L'évolution culturelle a des rythmes si rapides, que ces apprentissages sociaux "spontanés" n'ont pas longtemps suffi, dans des groupes humains toujours plus nombreux, à activités et coutumes de plus en plus variées, à émergence de compétences toujours plus diverses, et peu à peu devenant inéluctablement spécialisées. Un chimpanzé, un bonobo, savent faire presque tout ce que savent faire les autres individus de son groupe. Mais déjà, des ébauches d'une vie culturelle se profilent : l'atelier de cassage de noix d'une bande, par exemple, est théâtre de "leçons" dispensées par un(e) adulte à un jeune"élève". Dans les sociétés humaines, la division du travail apparaît, et la transmission "de père (mère) en fils (fille)", première forme des transmissions artisanales, qui existent encore largement aujourd'hui dans de nombreux secteurs d'apprentissages professionnels, et sont même prônées au détriment de démarches plus "modernes".
Ces apprentissages sont exigeants en temps.

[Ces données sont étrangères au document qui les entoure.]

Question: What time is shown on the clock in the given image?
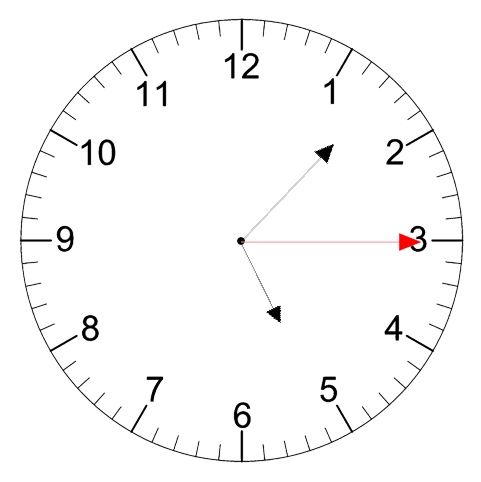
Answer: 05:07:15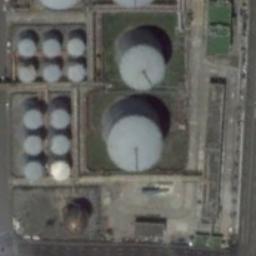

Le jeune primate peut mettre des années à maîtriser le cassage de noix. L'apprenti médiéval passait, lui aussi un temps considérable de sa jeunesse à un travail acharné avant de pouvoir devenir "maître" (le mot n'est pas innocent).La réussite repose, dans ces pratiques, sur une familiarité avec les lieux et les choses ; sur un mimétisme des gestes, des attitudes, des regards, des paroles, avec ceux du maître ; et sur ce que l'on nomme aujourd'hui "réduction d'écart au modèle",; avec force de "pas ça!", "pas comme ça!" Les traces de ces façons de faire sont profondes en chacun de nous. Un exemple remarquable, et observable chaque jour, est celui des réalisations sportives. Le débutant cherche à "faire comme le champion", à imiter sa gestuelle,et même ses vêtements, ses tics ("la chaussure gauche d'abord; toujours!" clip de Z.Zidane). La réduction d'écart au modèle "marche" plus ou moins bien , est onéreuse en temps et en énergie ; mais elle a été longtemps la seule "technique" d'apprentissage , et conserve la faveur et la confiance de beaucoup.
Des conséquences idéologiques sont aisées à pointer. La conviction qu'il faut, et suffit de, savoir faire ou savoir quelque chose, pour être capable de l'enseigner, est très forte et très profonde. Evidemment, les contre-exemples sont innombrables, mais n'entament pas, souvent, cette conviction. Un lien très fort existe entre cette idée, et celle que les qualités d'un enseignant sont surtout "morales". On entend à perte de vue "être patient", "aimer les enfants", "avoir de l'autorité", même chez de hauts responsables, même chez des personnes de haute culture. Autre idée a priori, liée à la "réduction d'écart au modèle" : la conception de l'élève "vase vide, à emplir". L'activité éducative serait à sens unique, donner-recevoir. Et elle n'aurait, donc, aucun compte à tenir d'un élève docile et passif par définition ...ou se montrant "mauvais élève", parce qu'indocile, inattentif, prenant des initiatives par définition malencontreuses. Là aussi, les valeurs sont "morales". L'exception d'un échec durable, sans "faute" de l'élève, s'explique alors "naturellement" par l'absence de "don".
Ces idées toutes faites s'enchaînent sans difficulté...et ont réponse à tout : caractéristique du fonctionnement idéologique. Elles ne sont pas les seules dans le domaine éducatif . Un prochain article en examinera d'autres aspects.